U.S. government steps up cybersecurity efforts with new rules for export controls, economic sanctions

From: Lexology

Adam Berry, Steven Choi | Hogan Lovells

With cybersecurity dominating the headlines, the U.S. government has taken several recent steps to target the national security threat posed by cybercriminals and hackers with new regulations aimed at curbing malicious actors online. With a series of proposed rules and an Executive Order, the U.S. government has begun a concerted effort (i) to rein in malicious cyber actors using export controls and sanctions regulations; and (ii) to better align U.S. export control regulations with the realities of cloud computing and encrypted export-controlled data.

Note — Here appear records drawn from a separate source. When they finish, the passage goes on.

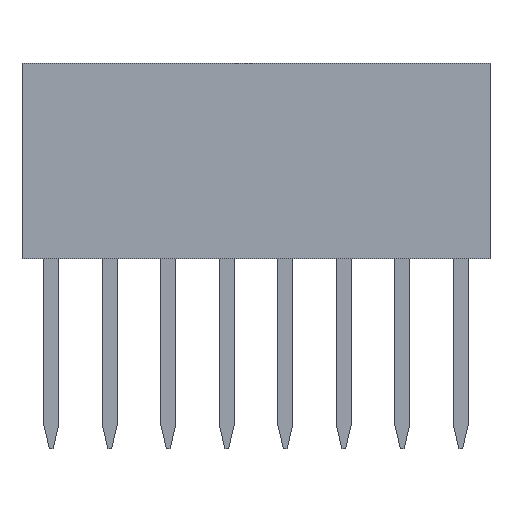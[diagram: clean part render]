
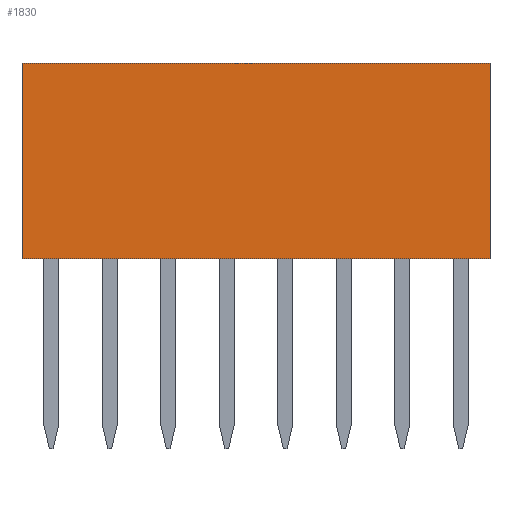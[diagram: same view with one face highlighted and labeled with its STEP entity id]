
A CAD part, top view. The second image highlights one B-rep face of the part: STEP entity #1830.
In plain terms, the highlighted planar face has unit normal (0, 0, 1).
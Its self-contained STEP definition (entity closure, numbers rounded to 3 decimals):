
#767 = DIRECTION ( 'NONE',  ( 0., 1., 0. ) ) ;
#1702 = VERTEX_POINT ( 'NONE', #5364 ) ;
#1830 = ADVANCED_FACE ( 'NONE', ( #9683 ), #12769, .T. ) ;
#2709 = CARTESIAN_POINT ( 'NONE',  ( 20.32, -8.5, 2.54 ) ) ;
#2782 = DIRECTION ( 'NONE',  ( 0., -1., 0. ) ) ;
#2982 = ORIENTED_EDGE ( 'NONE', *, *, #4688, .T. ) ;
#3264 = LINE ( 'NONE', #5438, #5922 ) ;
#3953 = CARTESIAN_POINT ( 'NONE',  ( 0., 0., 2.54 ) ) ;
#4038 = CARTESIAN_POINT ( 'NONE',  ( 20.32, 0., 2.54 ) ) ;
#4365 = ORIENTED_EDGE ( 'NONE', *, *, #6979, .T. ) ;
#4434 = VECTOR ( 'NONE', #11685, 1000. ) ;
#4602 = EDGE_CURVE ( 'NONE', #4863, #12577, #12103, .T. ) ;
#4660 = CARTESIAN_POINT ( 'NONE',  ( 0., 0., 2.54 ) ) ;
#4688 = EDGE_CURVE ( 'NONE', #8540, #4863, #10856, .T. ) ;
#4790 = DIRECTION ( 'NONE',  ( 0., 0., 1. ) ) ;
#4863 = VERTEX_POINT ( 'NONE', #4038 ) ;
#5189 = AXIS2_PLACEMENT_3D ( 'NONE', #10800, #4790, #11809 ) ;
#5364 = CARTESIAN_POINT ( 'NONE',  ( 0., -8.5, 2.54 ) ) ;
#5369 = LINE ( 'NONE', #9810, #9766 ) ;
#5438 = CARTESIAN_POINT ( 'NONE',  ( 0., -8.5, 2.54 ) ) ;
#5922 = VECTOR ( 'NONE', #11432, 1000. ) ;
#6979 = EDGE_CURVE ( 'NONE', #1702, #8540, #3264, .T. ) ;
#7416 = ORIENTED_EDGE ( 'NONE', *, *, #12060, .T. ) ;
#7856 = VECTOR ( 'NONE', #767, 1000. ) ;
#8540 = VERTEX_POINT ( 'NONE', #2709 ) ;
#9683 = FACE_OUTER_BOUND ( 'NONE', #11868, .T. ) ;
#9766 = VECTOR ( 'NONE', #2782, 1000. ) ;
#9810 = CARTESIAN_POINT ( 'NONE',  ( 0., 0., 2.54 ) ) ;
#10771 = CARTESIAN_POINT ( 'NONE',  ( 20.32, 0., 2.54 ) ) ;
#10800 = CARTESIAN_POINT ( 'NONE',  ( 0., 0., 2.54 ) ) ;
#10856 = LINE ( 'NONE', #10771, #7856 ) ;
#11432 = DIRECTION ( 'NONE',  ( 1., 0., 0. ) ) ;
#11685 = DIRECTION ( 'NONE',  ( -1., 0., 0. ) ) ;
#11809 = DIRECTION ( 'NONE',  ( 1., 0., 0. ) ) ;
#11865 = ORIENTED_EDGE ( 'NONE', *, *, #4602, .T. ) ;
#11868 = EDGE_LOOP ( 'NONE', ( #7416, #4365, #2982, #11865 ) ) ;
#12060 = EDGE_CURVE ( 'NONE', #12577, #1702, #5369, .T. ) ;
#12103 = LINE ( 'NONE', #4660, #4434 ) ;
#12577 = VERTEX_POINT ( 'NONE', #3953 ) ;
#12769 = PLANE ( 'NONE',  #5189 ) ;

Harmonized Definitions in Proposed Rules Address Longstanding Issues for Internet Transfers and Cloud Computing

On June 3, 2015, the State Department’s Directorate of Defense Trade Controls (DDTC) and BIS proposed revisions to U.S. export control regulations that would permit cross-border electronic transfers of export-controlled data and software without a specific export authorization, provided certain conditions are met, including securing the data or software with end-to-end encryption and ensuring that foreign persons are not given the means to decrypt such data or software. The proposal, if adopted, could have implications for companies that (i) use or provide cloud computing services; (ii) have an overseas presence; (iii) have employees who travel internationally; or (iv) have foreign person employees in the United States.